20. Features and oddities

Among other stories ranked in the top 500 in terms of readership this year were:

  • Turkey vultures making a mess of Peabody (May 20).
  • Marion native and Marine helicopter pilot Louis Holt taking an authorized detour to buzz his hometown (Jan. 15).
  • Sheriff Rob Craft breaking his ankle and requiring surgery after stepping into a pile of gravel near 170th and Remington Rds. at the end of a brief chase (June 3).

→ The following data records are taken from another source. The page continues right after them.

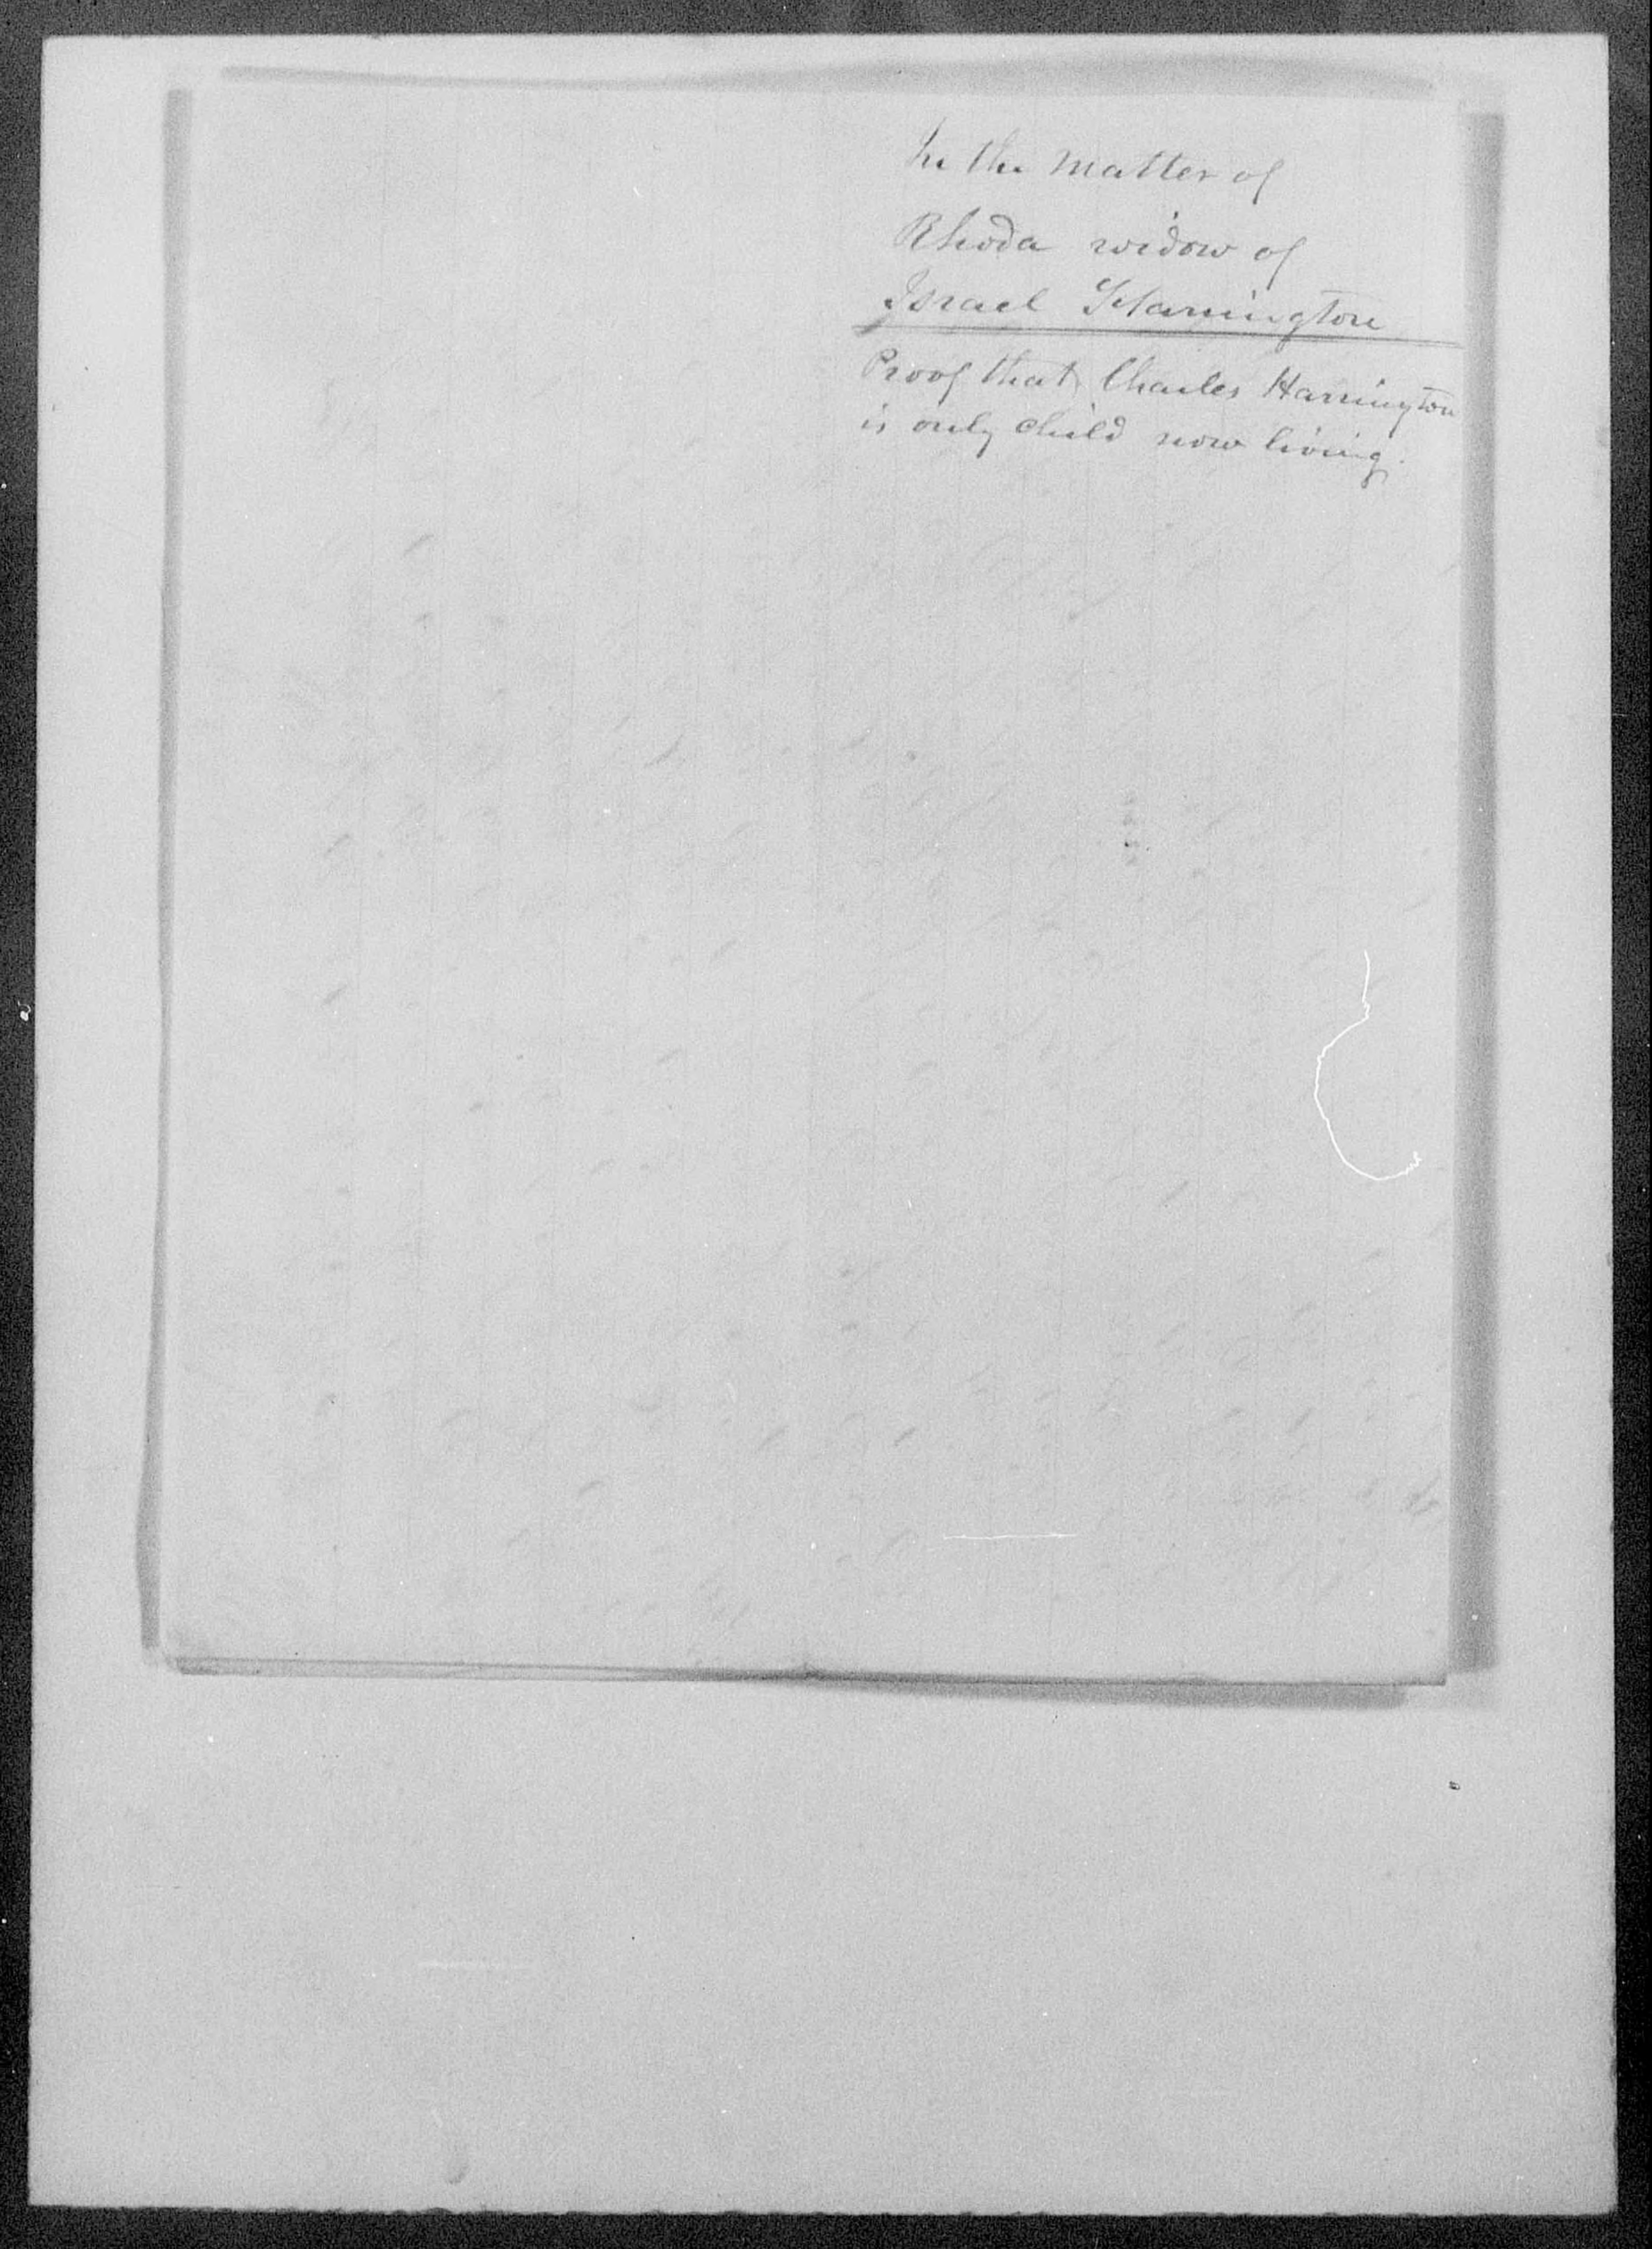In the matter of Rhoda widow of Israel Harrington

Proof that Charles Harrington is only child now living

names: Rhoda Harrington, Charles Harrington, Israel Harrington
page: 49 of 51
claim: widow's
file: W. 19,026, Israel Harrington, R.I.

  • Wind farm construction worker John Bichelmeyer remodeling and adding unique décor to three Tampa homes (Nov. 11).
  • Brokenhearted Burdick farmer Dan Peterson being aided by more than 20 neighbors after he was diagnosed with COVID-19 a day after the funeral of his wife, Linda, who died of cancer (Oct. 14).
  • A pair of pigs who escaped their pen eluding police despite several multi-block chases on Marion’s north hill (Sept. 9).
  • For the second time in two weeks, a Hillsboro ambulance crew getting stuck on muddy roads (Jan. 22).
  • Ten-year-old Trevin King saving his 13-year-old brother, Levi, from a house fire on S. Ash St. in Hillsboro (June 17).